Material shown: Begin

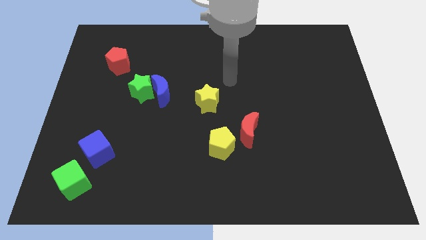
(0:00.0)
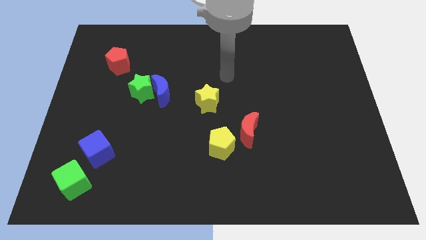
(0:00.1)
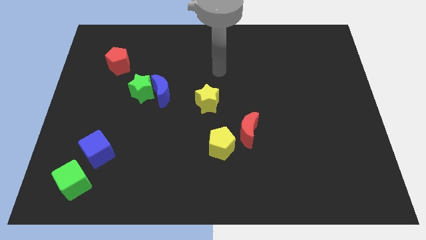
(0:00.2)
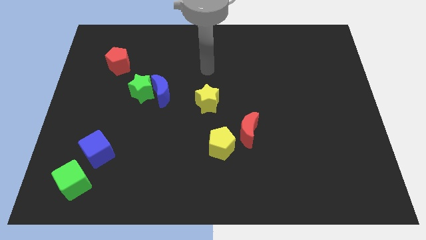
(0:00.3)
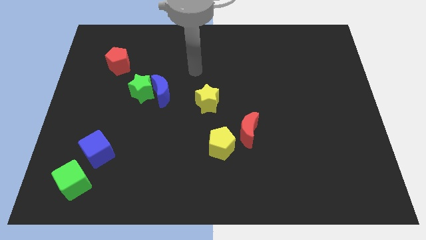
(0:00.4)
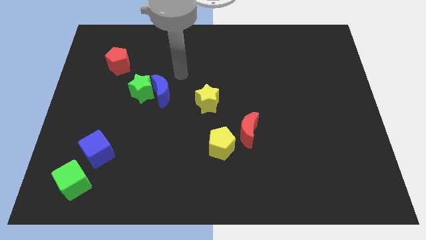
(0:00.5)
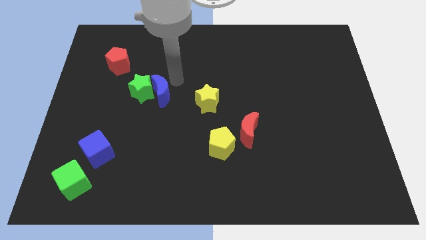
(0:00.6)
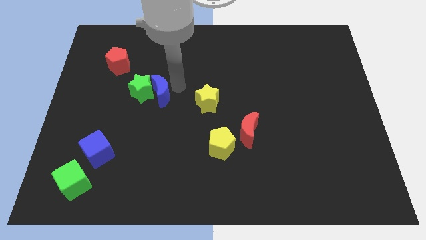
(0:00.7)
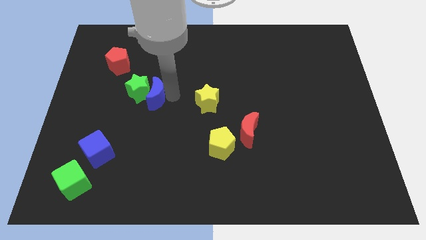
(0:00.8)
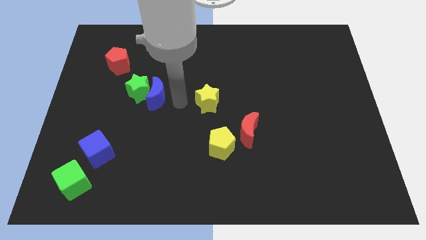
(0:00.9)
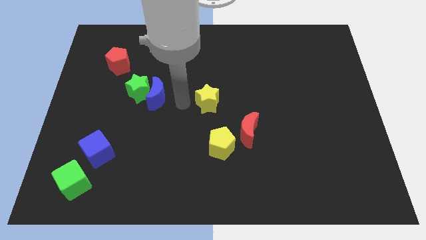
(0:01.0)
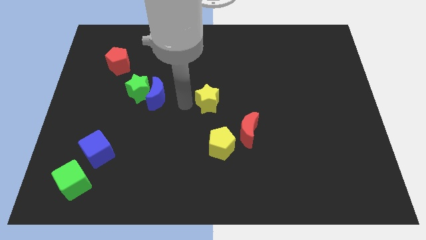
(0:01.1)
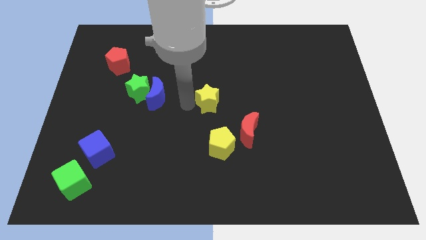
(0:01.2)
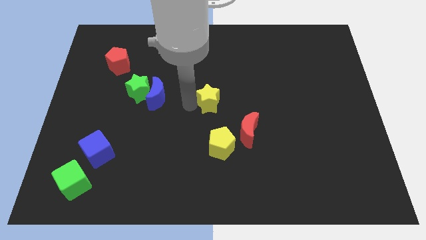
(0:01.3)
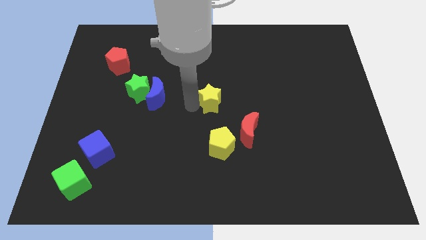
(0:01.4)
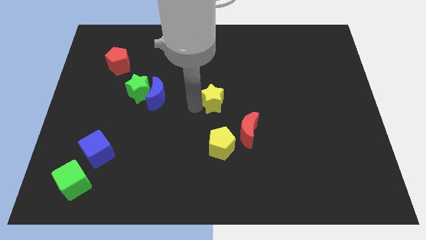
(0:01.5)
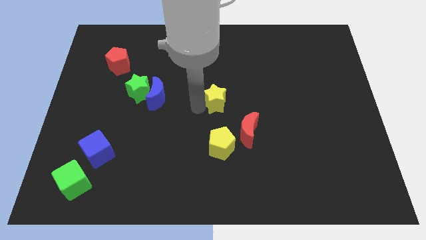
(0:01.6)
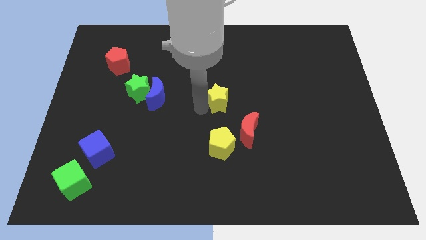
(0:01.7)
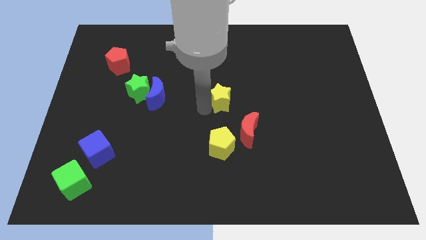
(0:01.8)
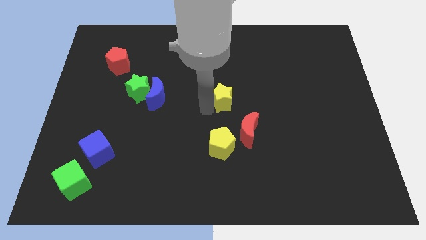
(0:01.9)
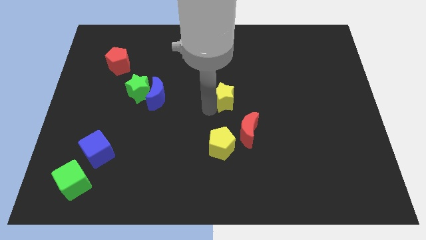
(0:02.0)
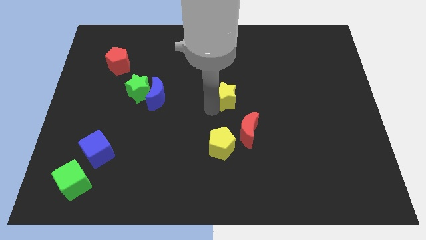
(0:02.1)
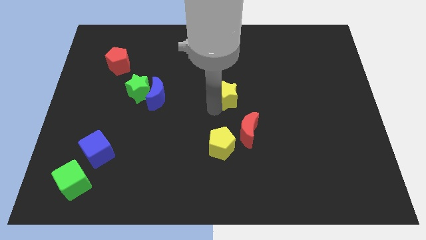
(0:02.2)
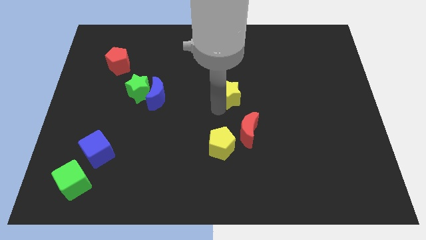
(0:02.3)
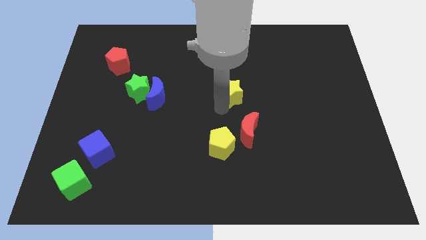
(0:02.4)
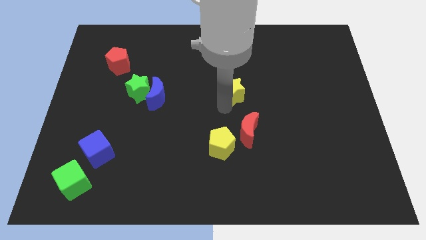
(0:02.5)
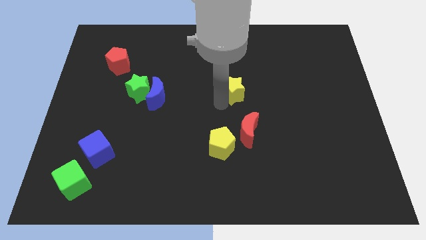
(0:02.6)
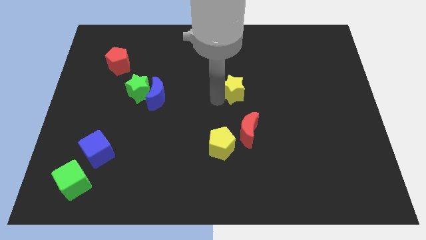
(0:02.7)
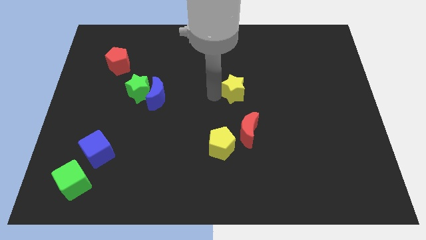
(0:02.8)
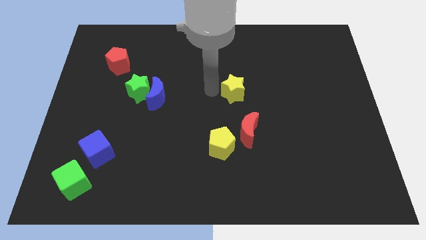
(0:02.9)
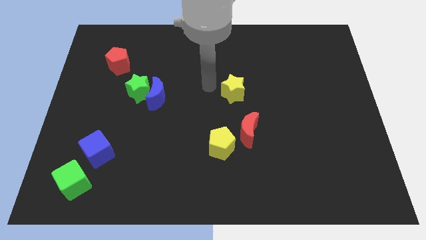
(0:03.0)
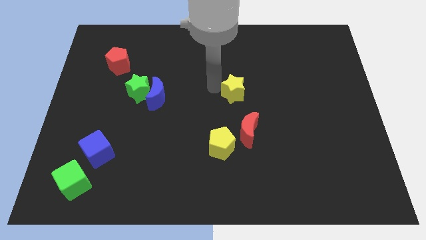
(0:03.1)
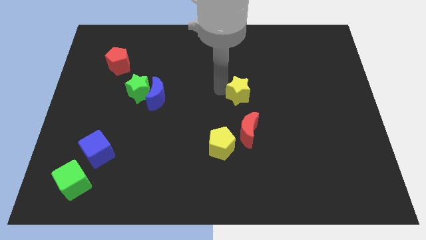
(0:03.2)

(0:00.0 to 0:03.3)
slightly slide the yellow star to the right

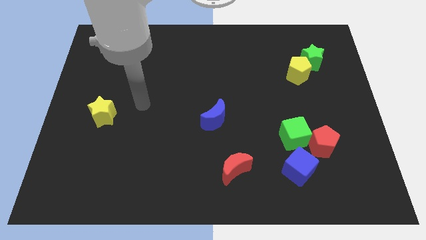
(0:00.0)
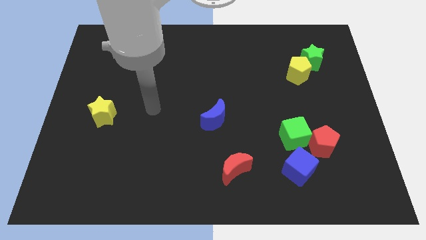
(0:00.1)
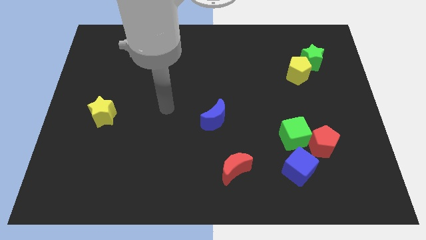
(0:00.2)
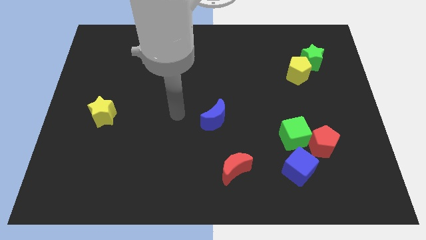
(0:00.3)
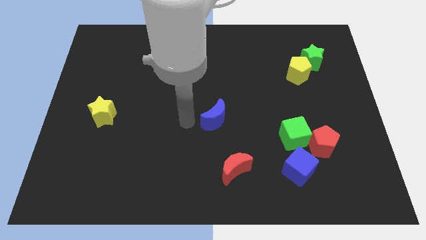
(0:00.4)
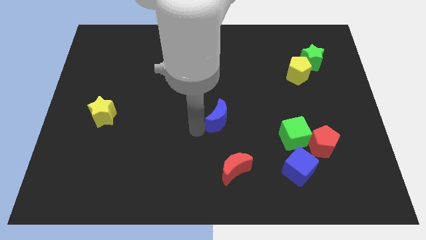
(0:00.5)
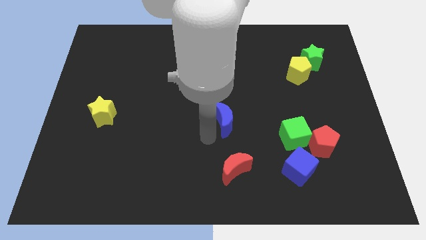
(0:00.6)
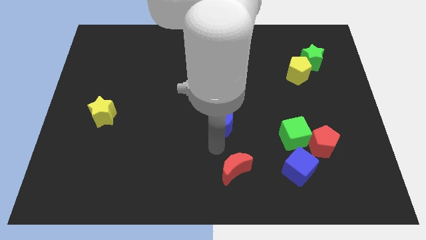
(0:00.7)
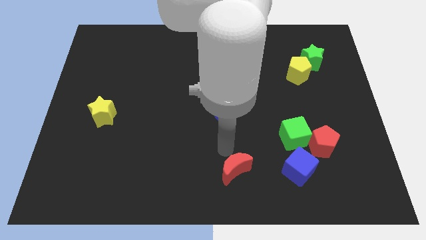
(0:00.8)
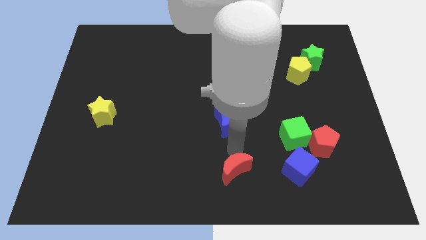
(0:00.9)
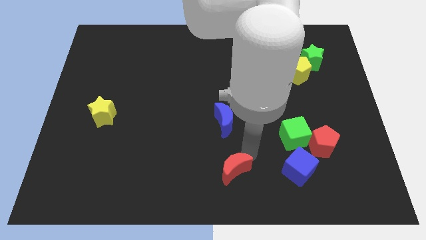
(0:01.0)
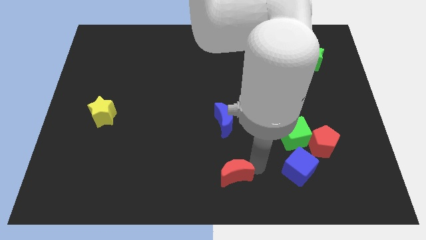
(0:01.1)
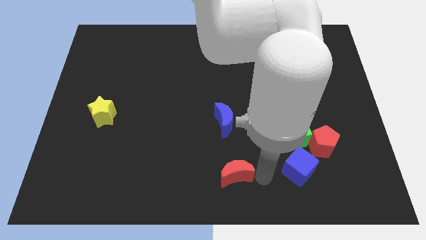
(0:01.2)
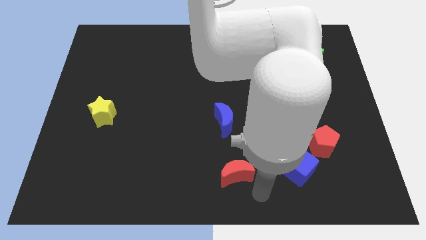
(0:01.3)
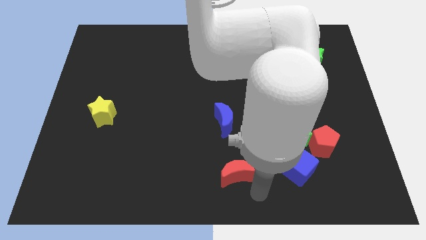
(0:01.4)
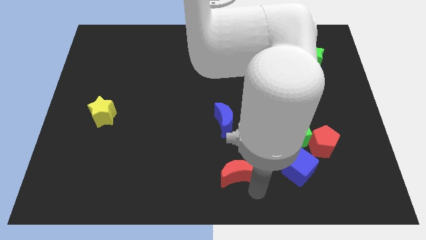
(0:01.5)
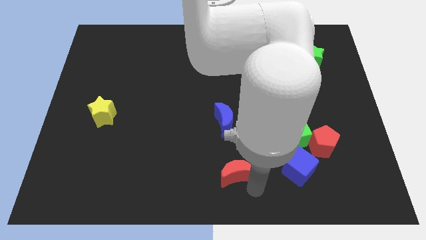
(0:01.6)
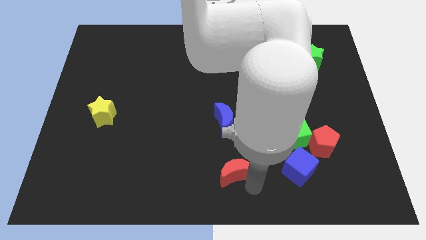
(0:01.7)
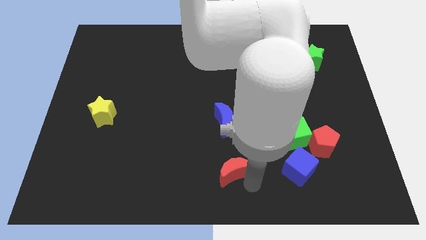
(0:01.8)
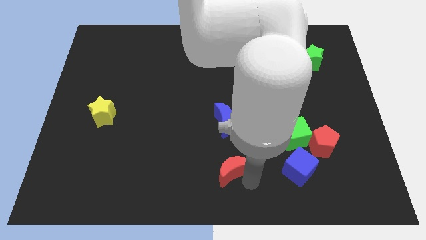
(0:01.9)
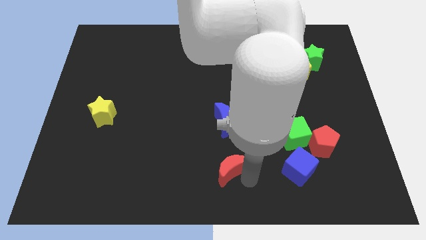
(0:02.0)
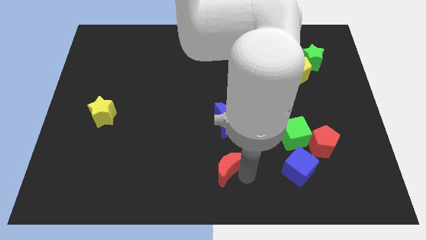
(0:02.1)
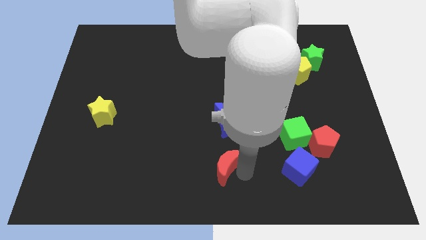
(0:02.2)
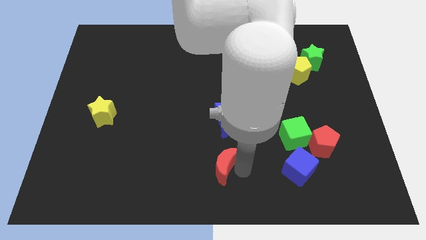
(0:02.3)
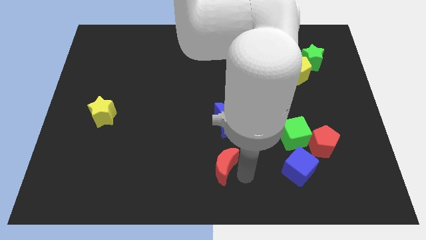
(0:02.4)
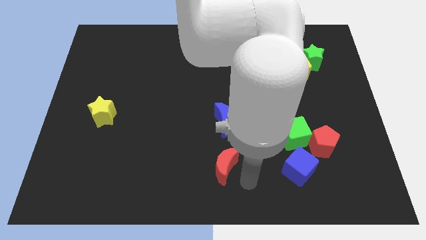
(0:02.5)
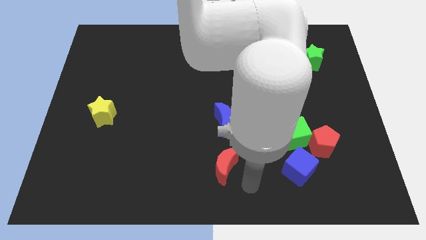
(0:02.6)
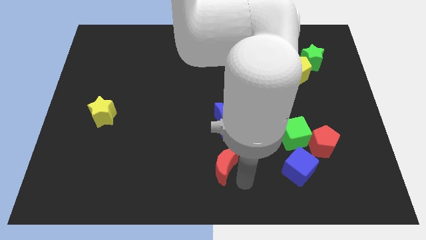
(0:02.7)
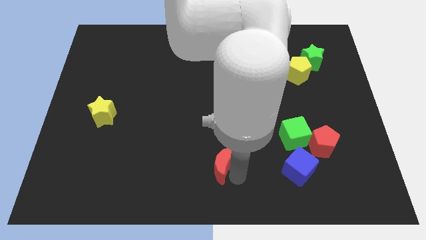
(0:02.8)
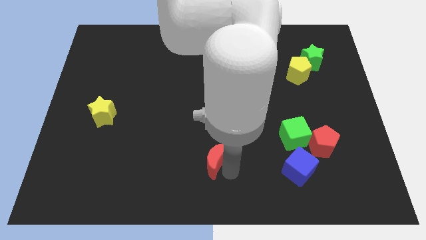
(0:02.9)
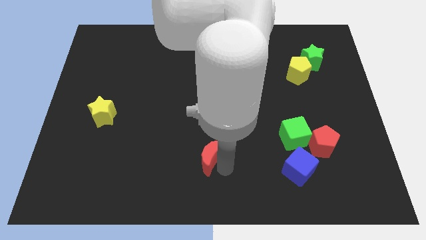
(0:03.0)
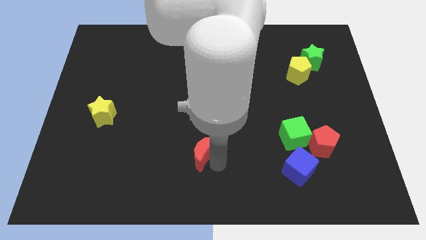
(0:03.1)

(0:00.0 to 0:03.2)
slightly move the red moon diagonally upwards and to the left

Material shown: End

▶ Task prompt
In your transcription of the listing above, match each line exactly and include no pictures.

▶ Task answer
(0:00.0)
(0:00.1)
(0:00.2)
(0:00.3)
(0:00.4)
(0:00.5)
(0:00.6)
(0:00.7)
(0:00.8)
(0:00.9)
(0:01.0)
(0:01.1)
(0:01.2)
(0:01.3)
(0:01.4)
(0:01.5)
(0:01.6)
(0:01.7)
(0:01.8)
(0:01.9)
(0:02.0)
(0:02.1)
(0:02.2)
(0:02.3)
(0:02.4)
(0:02.5)
(0:02.6)
(0:02.7)
(0:02.8)
(0:02.9)
(0:03.0)
(0:03.1)
(0:03.2)

(0:00.0 to 0:03.3)
slightly slide the yellow star to the right

(0:00.0)
(0:00.1)
(0:00.2)
(0:00.3)
(0:00.4)
(0:00.5)
(0:00.6)
(0:00.7)
(0:00.8)
(0:00.9)
(0:01.0)
(0:01.1)
(0:01.2)
(0:01.3)
(0:01.4)
(0:01.5)
(0:01.6)
(0:01.7)
(0:01.8)
(0:01.9)
(0:02.0)
(0:02.1)
(0:02.2)
(0:02.3)
(0:02.4)
(0:02.5)
(0:02.6)
(0:02.7)
(0:02.8)
(0:02.9)
(0:03.0)
(0:03.1)

(0:00.0 to 0:03.2)
slightly move the red moon diagonally upwards and to the left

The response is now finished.